> [What you are asked to do] Output the entries verbatim, including every line.

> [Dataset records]
++++++++
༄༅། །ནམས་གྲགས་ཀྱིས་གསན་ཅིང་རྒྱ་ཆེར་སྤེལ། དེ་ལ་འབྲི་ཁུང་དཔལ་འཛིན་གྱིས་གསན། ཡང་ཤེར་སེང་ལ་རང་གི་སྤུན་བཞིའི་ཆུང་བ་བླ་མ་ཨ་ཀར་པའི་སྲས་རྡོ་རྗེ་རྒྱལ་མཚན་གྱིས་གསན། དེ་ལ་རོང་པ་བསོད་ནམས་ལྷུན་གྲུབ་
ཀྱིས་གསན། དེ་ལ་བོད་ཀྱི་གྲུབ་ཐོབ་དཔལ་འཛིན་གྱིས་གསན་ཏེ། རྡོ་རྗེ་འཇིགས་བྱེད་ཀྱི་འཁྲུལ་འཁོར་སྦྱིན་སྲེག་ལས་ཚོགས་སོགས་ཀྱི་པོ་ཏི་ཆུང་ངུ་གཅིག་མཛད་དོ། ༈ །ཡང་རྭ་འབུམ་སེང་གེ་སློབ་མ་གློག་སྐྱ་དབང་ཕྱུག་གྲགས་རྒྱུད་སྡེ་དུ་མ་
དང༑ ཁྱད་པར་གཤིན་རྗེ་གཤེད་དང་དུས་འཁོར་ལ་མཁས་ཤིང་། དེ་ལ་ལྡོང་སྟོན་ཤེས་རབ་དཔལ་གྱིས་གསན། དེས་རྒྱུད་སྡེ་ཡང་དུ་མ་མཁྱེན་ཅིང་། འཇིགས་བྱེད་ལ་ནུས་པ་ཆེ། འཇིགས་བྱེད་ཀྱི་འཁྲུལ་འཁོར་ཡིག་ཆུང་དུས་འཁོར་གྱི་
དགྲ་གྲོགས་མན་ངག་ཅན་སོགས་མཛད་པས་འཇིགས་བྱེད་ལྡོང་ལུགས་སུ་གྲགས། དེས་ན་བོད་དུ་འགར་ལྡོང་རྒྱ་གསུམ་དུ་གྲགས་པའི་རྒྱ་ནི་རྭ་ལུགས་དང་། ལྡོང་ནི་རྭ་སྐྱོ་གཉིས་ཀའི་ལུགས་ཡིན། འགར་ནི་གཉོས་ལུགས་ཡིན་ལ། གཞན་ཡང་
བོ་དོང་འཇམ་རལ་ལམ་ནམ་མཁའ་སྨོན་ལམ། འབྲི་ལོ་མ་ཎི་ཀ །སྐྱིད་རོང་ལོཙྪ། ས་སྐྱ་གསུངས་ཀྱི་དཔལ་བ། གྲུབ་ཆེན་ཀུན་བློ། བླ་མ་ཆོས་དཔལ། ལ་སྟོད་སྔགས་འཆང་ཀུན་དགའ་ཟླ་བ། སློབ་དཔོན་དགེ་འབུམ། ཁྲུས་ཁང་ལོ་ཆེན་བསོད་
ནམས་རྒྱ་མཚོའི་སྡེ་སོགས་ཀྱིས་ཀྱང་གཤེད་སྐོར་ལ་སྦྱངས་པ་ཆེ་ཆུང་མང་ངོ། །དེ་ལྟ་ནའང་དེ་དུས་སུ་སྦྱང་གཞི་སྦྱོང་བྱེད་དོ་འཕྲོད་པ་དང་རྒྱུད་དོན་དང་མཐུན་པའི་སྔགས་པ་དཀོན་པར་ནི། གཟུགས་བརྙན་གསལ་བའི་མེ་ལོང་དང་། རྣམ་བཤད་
++++++++
> [Response for this exercise]
༄༅། །ནམས་གྲགས་ཀྱིས་གསན་ཅིང་རྒྱ་ཆེར་སྤེལ། དེ་ལ་འབྲི་ཁུང་དཔལ་འཛིན་གྱིས་གསན། ཡང་ཤེར་སེང་ལ་རང་གི་སྤུན་བཞིའི་ཆུང་བ་བླ་མ་ཨ་ཀར་པའི་སྲས་རྡོ་རྗེ་རྒྱལ་མཚན་གྱིས་གསན། དེ་ལ་རོང་པ་བསོད་ནམས་ལྷུན་གྲུབ་
ཀྱིས་གསན། དེ་ལ་བོད་ཀྱི་གྲུབ་ཐོབ་དཔལ་འཛིན་གྱིས་གསན་ཏེ། རྡོ་རྗེ་འཇིགས་བྱེད་ཀྱི་འཁྲུལ་འཁོར་སྦྱིན་སྲེག་ལས་ཚོགས་སོགས་ཀྱི་པོ་ཏི་ཆུང་ངུ་གཅིག་མཛད་དོ། ༈ །ཡང་རྭ་འབུམ་སེང་གེ་སློབ་མ་གློག་སྐྱ་དབང་ཕྱུག་གྲགས་རྒྱུད་སྡེ་དུ་མ་
དང༑ ཁྱད་པར་གཤིན་རྗེ་གཤེད་དང་དུས་འཁོར་ལ་མཁས་ཤིང་། དེ་ལ་ལྡོང་སྟོན་ཤེས་རབ་དཔལ་གྱིས་གསན། དེས་རྒྱུད་སྡེ་ཡང་དུ་མ་མཁྱེན་ཅིང་། འཇིགས་བྱེད་ལ་ནུས་པ་ཆེ། འཇིགས་བྱེད་ཀྱི་འཁྲུལ་འཁོར་ཡིག་ཆུང་དུས་འཁོར་གྱི་
དགྲ་གྲོགས་མན་ངག་ཅན་སོགས་མཛད་པས་འཇིགས་བྱེད་ལྡོང་ལུགས་སུ་གྲགས། དེས་ན་བོད་དུ་འགར་ལྡོང་རྒྱ་གསུམ་དུ་གྲགས་པའི་རྒྱ་ནི་རྭ་ལུགས་དང་། ལྡོང་ནི་རྭ་སྐྱོ་གཉིས་ཀའི་ལུགས་ཡིན། འགར་ནི་གཉོས་ལུགས་ཡིན་ལ། གཞན་ཡང་
བོ་དོང་འཇམ་རལ་ལམ་ནམ་མཁའ་སྨོན་ལམ། འབྲི་ལོ་མ་ཎི་ཀ །སྐྱིད་རོང་ལོཙྪ། ས་སྐྱ་གསུངས་ཀྱི་དཔལ་བ། གྲུབ་ཆེན་ཀུན་བློ། བླ་མ་ཆོས་དཔལ། ལ་སྟོད་སྔགས་འཆང་ཀུན་དགའ་ཟླ་བ། སློབ་དཔོན་དགེ་འབུམ། ཁྲུས་ཁང་ལོ་ཆེན་བསོད་
ནམས་རྒྱ་མཚོའི་སྡེ་སོགས་ཀྱིས་ཀྱང་གཤེད་སྐོར་ལ་སྦྱངས་པ་ཆེ་ཆུང་མང་ངོ། །དེ་ལྟ་ནའང་དེ་དུས་སུ་སྦྱང་གཞི་སྦྱོང་བྱེད་དོ་འཕྲོད་པ་དང་རྒྱུད་དོན་དང་མཐུན་པའི་སྔགས་པ་དཀོན་པར་ནི། གཟུགས་བརྙན་གསལ་བའི་མེ་ལོང་དང་། རྣམ་བཤད་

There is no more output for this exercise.